First Person Tooter
Let others pull philosophy out of your story
It turns out the story of a person’s life is interesting in a way that we have a hard time looking away from.
- How they got to where they are.
- Who were their influences?
- What were the shaping forces that drove them: poverty as a child? Loneliness? Were they ostracized or bullied?
- What was behind their particular quest?
All of this is story.
I’m reading Louis L’Amour’s Education of a Wandering Man despite myself.
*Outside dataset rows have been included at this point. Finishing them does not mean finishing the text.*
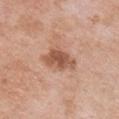A female patient, aged 48 to 52.
Cropped from a whole-body photographic skin survey; the tile spans about 15 mm.
This is a white-light tile.
From the chest.
Measured at roughly 4.5 mm in maximum diameter.
An algorithmic analysis of the crop reported a lesion area of about 9 mm², an eccentricity of roughly 0.75, and a shape-asymmetry score of about 0.3 (0 = symmetric). It also reported a mean CIELAB color near L≈55 a*≈23 b*≈30 and about 12 CIELAB-L* units darker than the surrounding skin. The analysis additionally found border irregularity of about 3.5 on a 0–10 scale, a within-lesion color-variation index near 3.5/10, and peripheral color asymmetry of about 1. The software also gave an automated nevus-likeness rating near 45 out of 100 and lesion-presence confidence of about 100/100.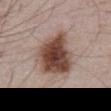| field | value |
|---|---|
| biopsy status | catalogued during a skin exam; not biopsied |
| location | the abdomen |
| lighting | white-light |
| image source | total-body-photography crop, ~15 mm field of view |
| size | ~6.5 mm (longest diameter) |
| patient | male, roughly 55 years of age |

I’m not a particular fan of L’Amour’s writing. I have no great interest in cowboys and western shoot-em-up stuff, still I cannot put down his biography. It’s how his personal story unfolds and his depiction of the times he lived that are so gripping. And because I know where it all leads—at least to some degree. L’Amour’s education consisted of working on migrant fields across the U.S., and the merchant marine, and boxing and in reading whatever little blue books he could lay his hands on. He listened to hobo stories and seamen stories and drinking stories and murder stories. He also wrote very clearly—so that I almost don’t even realize I am reading.
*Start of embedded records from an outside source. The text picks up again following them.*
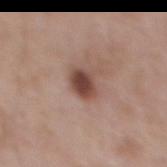Clinical summary: The subject is a male aged 53–57. The lesion is located on the mid back. A region of skin cropped from a whole-body photographic capture, roughly 15 mm wide.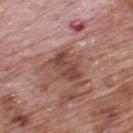Impression:
Imaged during a routine full-body skin examination; the lesion was not biopsied and no histopathology is available.
Acquisition and patient details:
The lesion's longest dimension is about 4 mm. The lesion is on the upper back. A 15 mm close-up tile from a total-body photography series done for melanoma screening. The patient is a male roughly 70 years of age.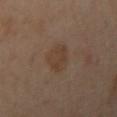The lesion was tiled from a total-body skin photograph and was not biopsied.
A female subject aged approximately 40.
Imaged with cross-polarized lighting.
About 3.5 mm across.
A 15 mm close-up extracted from a 3D total-body photography capture.
On the left arm.

This strikes me because much of what I read calls attention to itself in thousands of ways, from pedantic language to detailed concepts that demand rapt attention to self-indulgent fluff to the simply boring. And I’ll confess to committing some of those very language sins myself on pages.
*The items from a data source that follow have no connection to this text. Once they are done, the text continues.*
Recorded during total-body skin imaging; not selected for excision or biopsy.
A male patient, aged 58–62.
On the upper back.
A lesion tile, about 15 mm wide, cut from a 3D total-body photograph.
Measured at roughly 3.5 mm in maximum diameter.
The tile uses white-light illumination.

But what if a philosophy book told a story rather than parsing dry doctrines and tentative tenets? In fact, that is exactly what stories and novels and films do: package thought into a compelling narrative.
Story keeps pulling us back in.
###
Image credit: Kirk Livingston
Stories are truly awesome, but storytelling is so tough sometimes! I’ve committed a thousand literary crimes trying to tell them! 😊
Charlie O'Shields (doodlewash)
October 15, 2015 at 6:41 pm
Agreed. I like those storytellers who give you confidence as they go.